RECORDS SUPPLIED:
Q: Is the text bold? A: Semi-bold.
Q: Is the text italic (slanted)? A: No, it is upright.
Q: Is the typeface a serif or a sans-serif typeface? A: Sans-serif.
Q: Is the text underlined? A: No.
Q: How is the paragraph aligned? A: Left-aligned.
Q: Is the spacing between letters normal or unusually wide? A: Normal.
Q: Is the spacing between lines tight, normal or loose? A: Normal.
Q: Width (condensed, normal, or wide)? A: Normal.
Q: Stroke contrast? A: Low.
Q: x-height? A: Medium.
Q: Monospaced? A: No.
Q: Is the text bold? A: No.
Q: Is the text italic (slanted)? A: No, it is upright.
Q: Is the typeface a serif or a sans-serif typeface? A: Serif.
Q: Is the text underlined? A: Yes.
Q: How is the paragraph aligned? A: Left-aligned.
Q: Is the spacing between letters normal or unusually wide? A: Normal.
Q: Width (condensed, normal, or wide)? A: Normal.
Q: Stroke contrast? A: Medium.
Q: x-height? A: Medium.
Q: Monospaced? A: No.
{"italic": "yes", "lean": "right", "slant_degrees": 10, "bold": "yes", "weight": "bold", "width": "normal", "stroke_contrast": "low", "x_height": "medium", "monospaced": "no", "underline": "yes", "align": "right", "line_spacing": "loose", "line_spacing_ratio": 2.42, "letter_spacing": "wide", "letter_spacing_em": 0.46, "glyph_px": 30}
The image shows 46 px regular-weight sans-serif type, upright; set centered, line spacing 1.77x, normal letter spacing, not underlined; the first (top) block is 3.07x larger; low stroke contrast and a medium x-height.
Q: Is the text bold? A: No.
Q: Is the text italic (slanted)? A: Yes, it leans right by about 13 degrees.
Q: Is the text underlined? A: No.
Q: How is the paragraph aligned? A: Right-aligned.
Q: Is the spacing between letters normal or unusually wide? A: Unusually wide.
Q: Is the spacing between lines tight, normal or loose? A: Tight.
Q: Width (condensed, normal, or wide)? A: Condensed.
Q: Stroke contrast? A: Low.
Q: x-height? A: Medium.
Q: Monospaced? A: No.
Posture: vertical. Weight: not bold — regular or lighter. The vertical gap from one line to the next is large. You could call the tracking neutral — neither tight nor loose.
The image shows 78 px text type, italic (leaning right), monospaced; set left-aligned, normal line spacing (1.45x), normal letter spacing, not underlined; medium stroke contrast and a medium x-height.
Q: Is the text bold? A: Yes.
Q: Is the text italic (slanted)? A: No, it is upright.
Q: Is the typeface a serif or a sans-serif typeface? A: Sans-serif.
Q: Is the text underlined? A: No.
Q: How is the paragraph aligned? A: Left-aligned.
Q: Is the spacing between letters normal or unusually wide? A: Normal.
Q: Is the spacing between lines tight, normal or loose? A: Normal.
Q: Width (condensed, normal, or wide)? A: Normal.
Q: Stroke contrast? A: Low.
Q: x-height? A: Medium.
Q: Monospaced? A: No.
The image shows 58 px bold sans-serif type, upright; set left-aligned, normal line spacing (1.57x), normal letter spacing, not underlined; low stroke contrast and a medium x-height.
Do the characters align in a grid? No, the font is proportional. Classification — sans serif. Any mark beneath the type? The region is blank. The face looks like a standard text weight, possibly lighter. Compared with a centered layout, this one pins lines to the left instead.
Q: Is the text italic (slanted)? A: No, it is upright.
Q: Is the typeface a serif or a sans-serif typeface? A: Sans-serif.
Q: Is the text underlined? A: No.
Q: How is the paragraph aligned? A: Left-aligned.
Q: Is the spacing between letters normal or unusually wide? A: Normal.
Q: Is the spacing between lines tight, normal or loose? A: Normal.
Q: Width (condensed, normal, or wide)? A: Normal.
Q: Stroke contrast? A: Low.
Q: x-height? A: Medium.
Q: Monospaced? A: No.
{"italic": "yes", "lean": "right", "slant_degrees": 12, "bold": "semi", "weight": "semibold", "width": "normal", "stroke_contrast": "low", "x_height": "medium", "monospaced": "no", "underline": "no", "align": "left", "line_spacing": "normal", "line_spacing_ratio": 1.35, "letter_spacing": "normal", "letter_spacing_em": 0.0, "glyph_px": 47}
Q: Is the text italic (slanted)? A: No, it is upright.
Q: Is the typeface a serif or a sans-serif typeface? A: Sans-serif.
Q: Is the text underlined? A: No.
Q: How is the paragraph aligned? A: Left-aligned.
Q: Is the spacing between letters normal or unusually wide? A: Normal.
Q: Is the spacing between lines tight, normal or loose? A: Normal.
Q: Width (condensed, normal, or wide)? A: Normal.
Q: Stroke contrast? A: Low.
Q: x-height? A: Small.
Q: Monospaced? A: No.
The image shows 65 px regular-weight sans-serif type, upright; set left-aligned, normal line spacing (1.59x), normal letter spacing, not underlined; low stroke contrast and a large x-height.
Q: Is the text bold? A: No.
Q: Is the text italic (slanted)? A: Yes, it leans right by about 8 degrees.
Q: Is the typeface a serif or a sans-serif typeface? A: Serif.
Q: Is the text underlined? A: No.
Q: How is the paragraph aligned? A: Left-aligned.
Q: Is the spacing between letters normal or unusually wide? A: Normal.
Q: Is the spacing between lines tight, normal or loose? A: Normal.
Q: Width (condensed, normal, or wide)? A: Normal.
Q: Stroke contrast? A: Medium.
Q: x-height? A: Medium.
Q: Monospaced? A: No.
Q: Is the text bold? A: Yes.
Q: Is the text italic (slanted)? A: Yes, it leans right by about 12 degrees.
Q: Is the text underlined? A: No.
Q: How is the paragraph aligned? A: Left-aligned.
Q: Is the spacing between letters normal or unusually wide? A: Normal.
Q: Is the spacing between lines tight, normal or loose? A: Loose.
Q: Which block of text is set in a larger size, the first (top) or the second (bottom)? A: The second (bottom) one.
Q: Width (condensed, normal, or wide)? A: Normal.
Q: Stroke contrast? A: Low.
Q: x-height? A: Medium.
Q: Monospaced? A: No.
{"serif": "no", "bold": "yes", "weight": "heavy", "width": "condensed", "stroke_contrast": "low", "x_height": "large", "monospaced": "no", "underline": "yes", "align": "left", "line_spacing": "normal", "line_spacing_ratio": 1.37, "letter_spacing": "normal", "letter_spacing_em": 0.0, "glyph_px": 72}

PROBLEM:
Output a faithful copy of every entry, keeping each line as written.

EXERCISE ANSWER:
Q: Is the text bold? A: Semi-bold.
Q: Is the text italic (slanted)? A: No, it is upright.
Q: Is the typeface a serif or a sans-serif typeface? A: Sans-serif.
Q: Is the text underlined? A: No.
Q: How is the paragraph aligned? A: Left-aligned.
Q: Is the spacing between letters normal or unusually wide? A: Normal.
Q: Is the spacing between lines tight, normal or loose? A: Normal.
Q: Width (condensed, normal, or wide)? A: Normal.
Q: Stroke contrast? A: Low.
Q: x-height? A: Medium.
Q: Monospaced? A: No.
Q: Is the text bold? A: No.
Q: Is the text italic (slanted)? A: No, it is upright.
Q: Is the typeface a serif or a sans-serif typeface? A: Serif.
Q: Is the text underlined? A: Yes.
Q: How is the paragraph aligned? A: Left-aligned.
Q: Is the spacing between letters normal or unusually wide? A: Normal.
Q: Width (condensed, normal, or wide)? A: Normal.
Q: Stroke contrast? A: Medium.
Q: x-height? A: Medium.
Q: Monospaced? A: No.
{"italic": "yes", "lean": "right", "slant_degrees": 10, "bold": "yes", "weight": "bold", "width": "normal", "stroke_contrast": "low", "x_height": "medium", "monospaced": "no", "underline": "yes", "align": "right", "line_spacing": "loose", "line_spacing_ratio": 2.42, "letter_spacing": "wide", "letter_spacing_em": 0.46, "glyph_px": 30}
The image shows 46 px regular-weight sans-serif type, upright; set centered, line spacing 1.77x, normal letter spacing, not underlined; the first (top) block is 3.07x larger; low stroke contrast and a medium x-height.
Q: Is the text bold? A: No.
Q: Is the text italic (slanted)? A: Yes, it leans right by about 13 degrees.
Q: Is the text underlined? A: No.
Q: How is the paragraph aligned? A: Right-aligned.
Q: Is the spacing between letters normal or unusually wide? A: Unusually wide.
Q: Is the spacing between lines tight, normal or loose? A: Tight.
Q: Width (condensed, normal, or wide)? A: Condensed.
Q: Stroke contrast? A: Low.
Q: x-height? A: Medium.
Q: Monospaced? A: No.
Posture: vertical. Weight: not bold — regular or lighter. The vertical gap from one line to the next is large. You could call the tracking neutral — neither tight nor loose.
The image shows 78 px text type, italic (leaning right), monospaced; set left-aligned, normal line spacing (1.45x), normal letter spacing, not underlined; medium stroke contrast and a medium x-height.
Q: Is the text bold? A: Yes.
Q: Is the text italic (slanted)? A: No, it is upright.
Q: Is the typeface a serif or a sans-serif typeface? A: Sans-serif.
Q: Is the text underlined? A: No.
Q: How is the paragraph aligned? A: Left-aligned.
Q: Is the spacing between letters normal or unusually wide? A: Normal.
Q: Is the spacing between lines tight, normal or loose? A: Normal.
Q: Width (condensed, normal, or wide)? A: Normal.
Q: Stroke contrast? A: Low.
Q: x-height? A: Medium.
Q: Monospaced? A: No.
The image shows 58 px bold sans-serif type, upright; set left-aligned, normal line spacing (1.57x), normal letter spacing, not underlined; low stroke contrast and a medium x-height.
Do the characters align in a grid? No, the font is proportional. Classification — sans serif. Any mark beneath the type? The region is blank. The face looks like a standard text weight, possibly lighter. Compared with a centered layout, this one pins lines to the left instead.
Q: Is the text italic (slanted)? A: No, it is upright.
Q: Is the typeface a serif or a sans-serif typeface? A: Sans-serif.
Q: Is the text underlined? A: No.
Q: How is the paragraph aligned? A: Left-aligned.
Q: Is the spacing between letters normal or unusually wide? A: Normal.
Q: Is the spacing between lines tight, normal or loose? A: Normal.
Q: Width (condensed, normal, or wide)? A: Normal.
Q: Stroke contrast? A: Low.
Q: x-height? A: Medium.
Q: Monospaced? A: No.
{"italic": "yes", "lean": "right", "slant_degrees": 12, "bold": "semi", "weight": "semibold", "width": "normal", "stroke_contrast": "low", "x_height": "medium", "monospaced": "no", "underline": "no", "align": "left", "line_spacing": "normal", "line_spacing_ratio": 1.35, "letter_spacing": "normal", "letter_spacing_em": 0.0, "glyph_px": 47}
Q: Is the text italic (slanted)? A: No, it is upright.
Q: Is the typeface a serif or a sans-serif typeface? A: Sans-serif.
Q: Is the text underlined? A: No.
Q: How is the paragraph aligned? A: Left-aligned.
Q: Is the spacing between letters normal or unusually wide? A: Normal.
Q: Is the spacing between lines tight, normal or loose? A: Normal.
Q: Width (condensed, normal, or wide)? A: Normal.
Q: Stroke contrast? A: Low.
Q: x-height? A: Small.
Q: Monospaced? A: No.
The image shows 65 px regular-weight sans-serif type, upright; set left-aligned, normal line spacing (1.59x), normal letter spacing, not underlined; low stroke contrast and a large x-height.
Q: Is the text bold? A: No.
Q: Is the text italic (slanted)? A: Yes, it leans right by about 8 degrees.
Q: Is the typeface a serif or a sans-serif typeface? A: Serif.
Q: Is the text underlined? A: No.
Q: How is the paragraph aligned? A: Left-aligned.
Q: Is the spacing between letters normal or unusually wide? A: Normal.
Q: Is the spacing between lines tight, normal or loose? A: Normal.
Q: Width (condensed, normal, or wide)? A: Normal.
Q: Stroke contrast? A: Medium.
Q: x-height? A: Medium.
Q: Monospaced? A: No.
Q: Is the text bold? A: Yes.
Q: Is the text italic (slanted)? A: Yes, it leans right by about 12 degrees.
Q: Is the text underlined? A: No.
Q: How is the paragraph aligned? A: Left-aligned.
Q: Is the spacing between letters normal or unusually wide? A: Normal.
Q: Is the spacing between lines tight, normal or loose? A: Loose.
Q: Which block of text is set in a larger size, the first (top) or the second (bottom)? A: The second (bottom) one.
Q: Width (condensed, normal, or wide)? A: Normal.
Q: Stroke contrast? A: Low.
Q: x-height? A: Medium.
Q: Monospaced? A: No.
{"serif": "no", "bold": "yes", "weight": "heavy", "width": "condensed", "stroke_contrast": "low", "x_height": "large", "monospaced": "no", "underline": "yes", "align": "left", "line_spacing": "normal", "line_spacing_ratio": 1.37, "letter_spacing": "normal", "letter_spacing_em": 0.0, "glyph_px": 72}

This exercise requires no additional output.